1. Estad alegres porque los privados de libertad tenéis un privilegio en el corazón de Dios: «¿Cuándo te vimos Señor? Estuve en la cárcel y me visitasteis», Sois Cristo, ¡qué dignidad! Nos lo dice Él. Pensad en la gran familia que tenéis, es la Iglesia, ella no se desentiende de nadie. Tanto a los que estáis bautizados y tenéis la vida de Cristo como a los que no, la Iglesia como Él os quiere, tiene interés por vuestra libertad. Ya veis: la Iglesia no os pregunta por qué estáis ahí, os quiere sin más. En el corazón de Dios hay un sitio preferencial para vosotros. El verdadero amor permite servir al otro no por necesidad o vanidad, sino porque es bello, más allá de la apariencia o de lo que hizo; por ello nos tenemos que acompañar en el camino de liberación.

2. Viviendo conscientes de la vida nueva, de la libertad que se nos regala en Jesucristo: Vuestro lugar es el mismo, el módulo, encerrados, sin libertad. Pero cuando nos hacemos conscientes de la vida que se nos ha dado en Cristo, somos distintos, tenemos esperanza, asumimos el compromiso de nunca más dañar o destruir, porque deseamos dar de lo que Él nos ha dado: su vida, que engendra libertad y regala su amor y su amistad.

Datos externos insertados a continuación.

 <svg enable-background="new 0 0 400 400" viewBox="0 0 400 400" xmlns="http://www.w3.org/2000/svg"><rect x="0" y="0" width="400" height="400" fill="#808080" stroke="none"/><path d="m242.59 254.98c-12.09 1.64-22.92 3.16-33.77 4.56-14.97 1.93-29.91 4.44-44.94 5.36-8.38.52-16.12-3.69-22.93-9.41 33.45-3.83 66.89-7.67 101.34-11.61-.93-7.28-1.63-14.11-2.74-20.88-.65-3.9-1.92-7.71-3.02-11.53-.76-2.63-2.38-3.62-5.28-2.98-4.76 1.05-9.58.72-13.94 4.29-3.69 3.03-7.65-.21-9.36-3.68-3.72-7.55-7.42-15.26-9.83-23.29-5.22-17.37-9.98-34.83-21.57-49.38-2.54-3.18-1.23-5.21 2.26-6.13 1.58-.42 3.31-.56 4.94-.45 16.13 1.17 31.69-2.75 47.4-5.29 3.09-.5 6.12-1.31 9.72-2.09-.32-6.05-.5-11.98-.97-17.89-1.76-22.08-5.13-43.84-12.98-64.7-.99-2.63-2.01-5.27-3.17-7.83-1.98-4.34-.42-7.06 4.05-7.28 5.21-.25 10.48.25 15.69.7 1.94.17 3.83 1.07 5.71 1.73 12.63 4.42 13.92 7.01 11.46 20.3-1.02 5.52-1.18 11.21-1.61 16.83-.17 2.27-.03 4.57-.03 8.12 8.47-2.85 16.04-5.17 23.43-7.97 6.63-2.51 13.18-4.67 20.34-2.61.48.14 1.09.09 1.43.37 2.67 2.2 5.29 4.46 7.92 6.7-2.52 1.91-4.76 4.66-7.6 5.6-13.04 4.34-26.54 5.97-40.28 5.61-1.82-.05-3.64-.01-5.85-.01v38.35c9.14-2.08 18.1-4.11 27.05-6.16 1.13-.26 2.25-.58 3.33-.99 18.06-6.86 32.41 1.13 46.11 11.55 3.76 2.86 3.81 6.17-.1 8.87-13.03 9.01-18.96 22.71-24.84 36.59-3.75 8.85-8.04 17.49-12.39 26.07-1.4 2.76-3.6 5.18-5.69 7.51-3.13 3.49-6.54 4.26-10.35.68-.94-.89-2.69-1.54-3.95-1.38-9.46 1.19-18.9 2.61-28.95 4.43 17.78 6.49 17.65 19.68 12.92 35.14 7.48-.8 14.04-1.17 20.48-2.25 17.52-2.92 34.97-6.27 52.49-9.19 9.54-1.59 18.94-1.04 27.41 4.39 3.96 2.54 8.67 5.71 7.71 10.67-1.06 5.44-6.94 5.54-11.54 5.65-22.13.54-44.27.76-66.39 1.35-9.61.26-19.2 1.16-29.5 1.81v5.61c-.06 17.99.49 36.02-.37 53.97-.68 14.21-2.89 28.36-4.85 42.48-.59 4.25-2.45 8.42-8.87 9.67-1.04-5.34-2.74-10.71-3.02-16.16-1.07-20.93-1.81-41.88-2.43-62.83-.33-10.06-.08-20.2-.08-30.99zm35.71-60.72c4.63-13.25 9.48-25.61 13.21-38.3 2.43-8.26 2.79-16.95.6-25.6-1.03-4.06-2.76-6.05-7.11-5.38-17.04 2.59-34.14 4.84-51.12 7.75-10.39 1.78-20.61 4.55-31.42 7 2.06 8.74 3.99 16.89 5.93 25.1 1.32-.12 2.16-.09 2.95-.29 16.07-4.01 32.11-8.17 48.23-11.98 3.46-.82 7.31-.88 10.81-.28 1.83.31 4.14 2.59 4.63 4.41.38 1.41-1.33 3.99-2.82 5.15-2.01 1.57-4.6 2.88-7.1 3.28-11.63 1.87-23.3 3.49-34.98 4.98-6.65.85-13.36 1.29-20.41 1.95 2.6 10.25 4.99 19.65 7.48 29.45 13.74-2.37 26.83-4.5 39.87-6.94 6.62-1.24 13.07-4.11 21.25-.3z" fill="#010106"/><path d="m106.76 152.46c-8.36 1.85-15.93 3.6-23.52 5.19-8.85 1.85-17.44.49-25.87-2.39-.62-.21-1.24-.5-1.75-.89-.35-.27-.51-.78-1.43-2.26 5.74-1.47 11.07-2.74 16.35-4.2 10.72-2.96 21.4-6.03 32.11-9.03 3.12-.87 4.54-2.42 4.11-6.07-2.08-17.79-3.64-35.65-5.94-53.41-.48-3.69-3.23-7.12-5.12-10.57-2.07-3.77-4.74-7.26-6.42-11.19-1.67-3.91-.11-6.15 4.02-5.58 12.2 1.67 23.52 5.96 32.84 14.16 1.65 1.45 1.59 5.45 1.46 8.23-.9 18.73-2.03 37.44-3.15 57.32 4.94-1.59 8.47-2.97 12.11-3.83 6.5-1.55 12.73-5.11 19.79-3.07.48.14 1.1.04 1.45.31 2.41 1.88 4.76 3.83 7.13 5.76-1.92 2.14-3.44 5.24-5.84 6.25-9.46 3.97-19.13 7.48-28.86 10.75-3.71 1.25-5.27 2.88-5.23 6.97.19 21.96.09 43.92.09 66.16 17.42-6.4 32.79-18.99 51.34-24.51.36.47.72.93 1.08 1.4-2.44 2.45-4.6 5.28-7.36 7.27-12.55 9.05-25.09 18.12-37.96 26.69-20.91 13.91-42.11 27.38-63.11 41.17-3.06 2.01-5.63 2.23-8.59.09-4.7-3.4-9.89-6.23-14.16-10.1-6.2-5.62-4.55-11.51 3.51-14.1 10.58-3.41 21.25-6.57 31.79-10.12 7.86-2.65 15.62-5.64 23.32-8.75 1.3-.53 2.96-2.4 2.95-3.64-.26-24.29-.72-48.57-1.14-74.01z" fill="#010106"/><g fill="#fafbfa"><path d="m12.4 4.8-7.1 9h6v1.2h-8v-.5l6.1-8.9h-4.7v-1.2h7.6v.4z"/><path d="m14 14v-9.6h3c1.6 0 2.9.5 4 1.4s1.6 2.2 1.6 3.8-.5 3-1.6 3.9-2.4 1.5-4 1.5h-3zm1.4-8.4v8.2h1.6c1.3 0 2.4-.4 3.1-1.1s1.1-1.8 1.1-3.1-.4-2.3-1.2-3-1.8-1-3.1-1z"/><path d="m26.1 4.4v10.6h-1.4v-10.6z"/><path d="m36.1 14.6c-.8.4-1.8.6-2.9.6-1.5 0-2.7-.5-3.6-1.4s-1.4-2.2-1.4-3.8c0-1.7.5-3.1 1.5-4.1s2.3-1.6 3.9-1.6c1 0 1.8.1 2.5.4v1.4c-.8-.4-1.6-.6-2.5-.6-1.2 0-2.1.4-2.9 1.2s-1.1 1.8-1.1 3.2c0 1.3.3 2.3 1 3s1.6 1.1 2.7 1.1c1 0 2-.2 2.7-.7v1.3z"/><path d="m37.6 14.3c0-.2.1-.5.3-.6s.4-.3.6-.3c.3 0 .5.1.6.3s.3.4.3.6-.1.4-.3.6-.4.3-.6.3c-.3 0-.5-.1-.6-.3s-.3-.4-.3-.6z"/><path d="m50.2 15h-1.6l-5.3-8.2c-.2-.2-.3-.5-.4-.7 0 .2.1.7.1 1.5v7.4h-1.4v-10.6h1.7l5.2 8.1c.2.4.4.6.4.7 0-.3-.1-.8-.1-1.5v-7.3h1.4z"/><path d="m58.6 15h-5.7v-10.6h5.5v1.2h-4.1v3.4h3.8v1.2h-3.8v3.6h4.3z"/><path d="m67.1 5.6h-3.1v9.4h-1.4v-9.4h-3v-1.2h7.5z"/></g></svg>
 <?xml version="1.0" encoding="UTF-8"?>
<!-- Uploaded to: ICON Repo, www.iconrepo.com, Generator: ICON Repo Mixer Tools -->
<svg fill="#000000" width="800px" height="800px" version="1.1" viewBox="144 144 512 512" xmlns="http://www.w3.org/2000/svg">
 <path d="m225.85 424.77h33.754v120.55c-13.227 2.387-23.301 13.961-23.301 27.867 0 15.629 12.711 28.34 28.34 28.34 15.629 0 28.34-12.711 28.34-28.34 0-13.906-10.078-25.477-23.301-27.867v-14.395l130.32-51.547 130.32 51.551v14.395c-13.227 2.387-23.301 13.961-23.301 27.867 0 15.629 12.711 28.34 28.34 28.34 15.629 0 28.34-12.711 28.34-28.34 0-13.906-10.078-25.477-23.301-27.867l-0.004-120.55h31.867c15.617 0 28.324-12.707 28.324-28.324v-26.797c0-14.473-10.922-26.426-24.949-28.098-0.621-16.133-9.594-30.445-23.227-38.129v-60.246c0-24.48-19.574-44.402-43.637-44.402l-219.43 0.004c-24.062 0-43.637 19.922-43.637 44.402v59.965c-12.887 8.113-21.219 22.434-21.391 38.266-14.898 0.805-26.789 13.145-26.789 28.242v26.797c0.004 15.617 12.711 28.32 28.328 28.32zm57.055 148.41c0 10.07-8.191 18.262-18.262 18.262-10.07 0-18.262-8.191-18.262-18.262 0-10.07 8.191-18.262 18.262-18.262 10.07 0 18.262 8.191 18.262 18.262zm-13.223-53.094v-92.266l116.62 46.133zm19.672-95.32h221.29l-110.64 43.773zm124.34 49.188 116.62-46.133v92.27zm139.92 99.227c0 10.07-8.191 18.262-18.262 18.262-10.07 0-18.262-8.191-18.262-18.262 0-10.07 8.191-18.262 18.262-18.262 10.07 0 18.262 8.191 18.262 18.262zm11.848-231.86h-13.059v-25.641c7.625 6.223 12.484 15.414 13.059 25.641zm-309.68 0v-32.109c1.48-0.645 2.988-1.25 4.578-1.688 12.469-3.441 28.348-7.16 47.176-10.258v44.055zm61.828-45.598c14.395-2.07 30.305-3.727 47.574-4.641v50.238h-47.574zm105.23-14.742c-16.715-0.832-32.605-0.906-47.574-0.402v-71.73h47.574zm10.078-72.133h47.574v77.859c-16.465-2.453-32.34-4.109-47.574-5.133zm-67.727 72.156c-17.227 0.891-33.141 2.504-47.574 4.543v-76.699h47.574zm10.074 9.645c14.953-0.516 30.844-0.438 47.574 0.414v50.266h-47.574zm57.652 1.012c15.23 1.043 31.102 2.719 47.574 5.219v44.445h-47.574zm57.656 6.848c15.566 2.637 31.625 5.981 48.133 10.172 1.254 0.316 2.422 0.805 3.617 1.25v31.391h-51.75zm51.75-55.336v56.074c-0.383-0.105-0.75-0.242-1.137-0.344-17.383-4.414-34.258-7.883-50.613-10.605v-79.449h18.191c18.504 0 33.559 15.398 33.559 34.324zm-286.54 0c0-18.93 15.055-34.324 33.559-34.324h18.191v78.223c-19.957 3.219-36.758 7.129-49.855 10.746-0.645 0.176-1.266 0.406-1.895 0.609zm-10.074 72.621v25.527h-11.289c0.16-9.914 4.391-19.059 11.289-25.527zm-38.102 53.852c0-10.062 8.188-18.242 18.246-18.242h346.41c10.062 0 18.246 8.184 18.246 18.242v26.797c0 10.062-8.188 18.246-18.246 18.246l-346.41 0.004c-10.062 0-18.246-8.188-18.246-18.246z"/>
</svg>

3. En las circunstancias que vivimos podemos seguir regalando lo que hemos recibido, su amor: Hay que dar de lo que Él nos da. Por eso el Señor insiste: ¡Poneos en camino! Nos cuesta, nos cansamos. ¿No será porque llevamos un tesoro en el corazón lleno de rencor y odio? Llenemos nuestro corazón del amor de Dios, es lo que libera nuestra vida y la de los demás. Bien nos lo dice el Señor cuando nos invita a ponernos en camino, pues, al mismo tiempo, nos dice que vayamos sin alforjas, sin sandalias, solamente con su gracia y su amor.

4. También en la cárcel podéis ser samaritanos los unos de los otros: Ya sabéis el relato de la parábola. Un samaritano encontró a uno que estaba tirado en el suelo medio muerto. Y así como otros habían pasado de largo, él no pasó. Bajó de su cabalgadura, de sus alturas y privilegios, se acercó, se agachó, lo miró y sacó el aceite para curar sus heridas y después lo vendó. Pero no quedó ahí, lo tomó en sus manos y lo puso en su cabalgadura, llevándolo a una casa, pagando para que lo cuidasen hasta que estuviese bien; él volvería a verlo, no se desentendía de él. Así hemos de ser nosotros. Para hacer de la cárcel un lugar de vida, que engendre esperanza, que cure todas las heridas que podáis tener –físicas y en el corazón–, os invito a que, mientras otros pasan las vacaciones de otras maneras, vosotros lo hagáis con este viaje que transforma el corazón y las relaciones. ¡Ánimo! Sed samaritanos para ser libres y regalar libertad.